With the pictures left out, every record must be reproduced exactly.

#### Data entries:
--- START ---

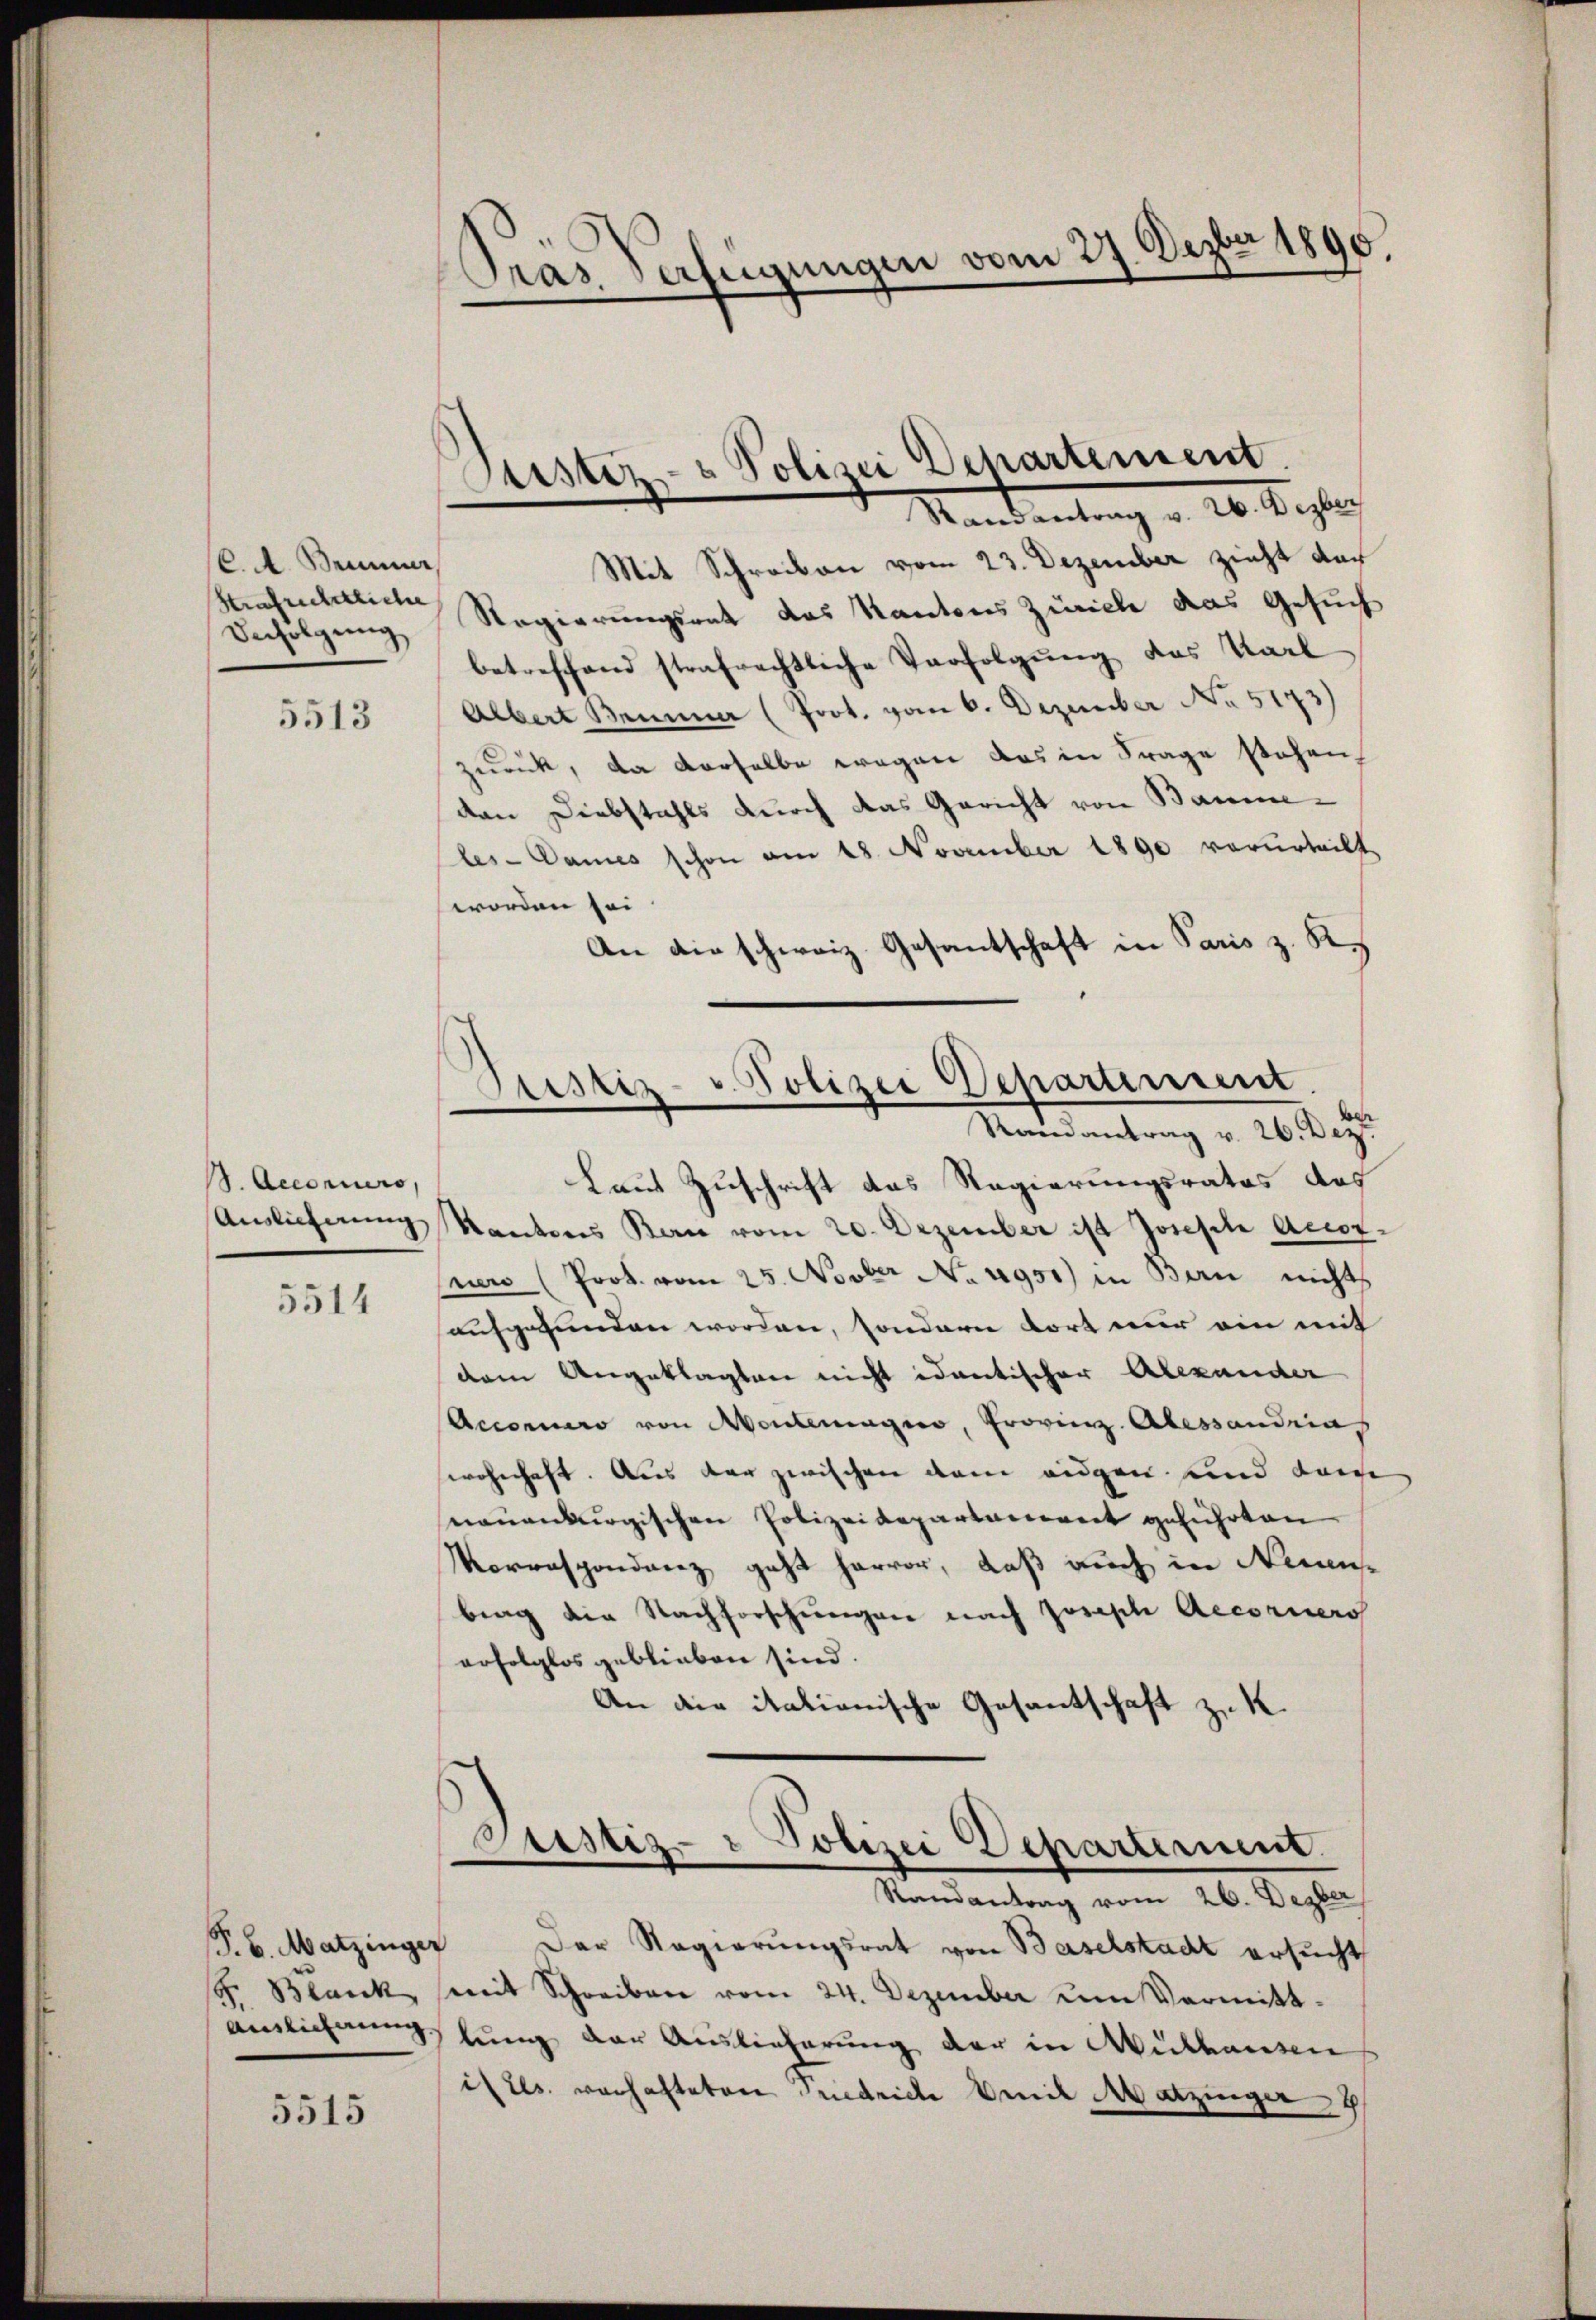
C. A. Berner,
Strafschliche
Befolgung

5513

S. Accoriers,
Auslicherung

5514

P. 6. Matzinger

5515

Pras Verfügungen vom 27. Dezbr 1890.

Justiz- & Polizei Departement.
Mandantung v. 160. 8. pag.

Mit Schreiben vom 23. Dezember zieht dar
Regierungsrat das Kantons Zürich das Gesuch
betreffend strafrechtliche Verfolgung des Karl
Albert Bemma (Prot. vom 6. Dezember No. 5173)
zurück, da derselbe wegen das in Frage stehen,
den Diebstahls durch das Gericht von Baume¬
Cles-Dames schon am 28. November 1890 verurteilt,
worden sei
An die schweiz. Gesantschaft in Paris z. K.
Laut Zuschrift das Regierungsrates das
Kantons Bern vom 20. Dezember ist Joseph Accorsner (Prok. vom 25. Novber No. 4951) in Bern nichts
aufgefunden worden, sondern dort nur ein mit
dem Angeklagten nicht identischer Alexander
Acconcero von Montenages, Provinz. Alessandria
wohnhaft. Aus der zwischen dem eidgen und dahe
nauenburgischen Polizeidepartanereit geführten
Vorrespondenz geht hervor, daß auch in Neuen
brag die Nachforschungen nach Joseph Accorners
erfolglos geblieben sind.
An die italionische Gesantschaft zu k
Justiz- & Polizei Departement.
.
Randantrag vom 26. Degber
Der Regierungsrat von Baselstadt ersucht,
S. Blank (mit Schreiben vom 24. Dezember um Vermitt-
Auslichung fung der Auslieferung der in Mülhausen
istes verhafteten Friedrich mit Matzinger

Polizei Departement
ustiz
Randantrag v. 26. Dez.

--- END ---

#### Task result:
C. A. Berner,
Strafschliche
Befolgung

5513

S. Accoriers,
Auslicherung

5514

P. 6. Matzinger

5515

Pras Verfügungen vom 27. Dezbr 1890.

Justiz- & Polizei Departement.
Mandantung v. 160. 8. pag.

Mit Schreiben vom 23. Dezember zieht dar
Regierungsrat das Kantons Zürich das Gesuch
betreffend strafrechtliche Verfolgung des Karl
Albert Bemma (Prot. vom 6. Dezember No. 5173)
zurück, da derselbe wegen das in Frage stehen,
den Diebstahls durch das Gericht von Baume¬
Cles-Dames schon am 28. November 1890 verurteilt,
worden sei
An die schweiz. Gesantschaft in Paris z. K.
Laut Zuschrift das Regierungsrates das
Kantons Bern vom 20. Dezember ist Joseph Accorsner (Prok. vom 25. Novber No. 4951) in Bern nichts
aufgefunden worden, sondern dort nur ein mit
dem Angeklagten nicht identischer Alexander
Acconcero von Montenages, Provinz. Alessandria
wohnhaft. Aus der zwischen dem eidgen und dahe
nauenburgischen Polizeidepartanereit geführten
Vorrespondenz geht hervor, daß auch in Neuen
brag die Nachforschungen nach Joseph Accorners
erfolglos geblieben sind.
An die italionische Gesantschaft zu k
Justiz- & Polizei Departement.
.
Randantrag vom 26. Degber
Der Regierungsrat von Baselstadt ersucht,
S. Blank (mit Schreiben vom 24. Dezember um Vermitt-
Auslichung fung der Auslieferung der in Mülhausen
istes verhafteten Friedrich mit Matzinger

Polizei Departement
ustiz
Randantrag v. 26. Dez.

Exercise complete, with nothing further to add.